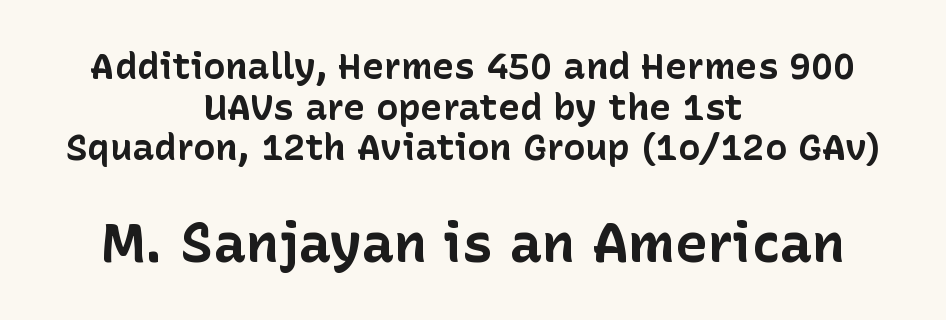
Q: Is the text bold? A: Yes.
Q: Is the text italic (slanted)? A: No, it is upright.
Q: Is the typeface a serif or a sans-serif typeface? A: Sans-serif.
Q: Is the text underlined? A: No.
Q: How is the paragraph aligned? A: Centered.
Q: Is the spacing between letters normal or unusually wide? A: Normal.
Q: Is the spacing between lines tight, normal or loose? A: Tight.
Q: Which block of text is set in a larger size, the first (top) or the second (bottom)? A: The second (bottom) one.
Q: Width (condensed, normal, or wide)? A: Normal.
Q: Stroke contrast? A: Low.
Q: x-height? A: Medium.
Q: Monospaced? A: No.

○ ○ ○ ○ ○ ○ ○

What you have to do → Copy out each line from the listing that contains the string "text".

Exercise result →
Q: Is the text bold? A: Yes.
Q: Is the text italic (slanted)? A: No, it is upright.
Q: Is the text underlined? A: No.
Q: Which block of text is set in a larger size, the first (top) or the second (bottom)? A: The second (bottom) one.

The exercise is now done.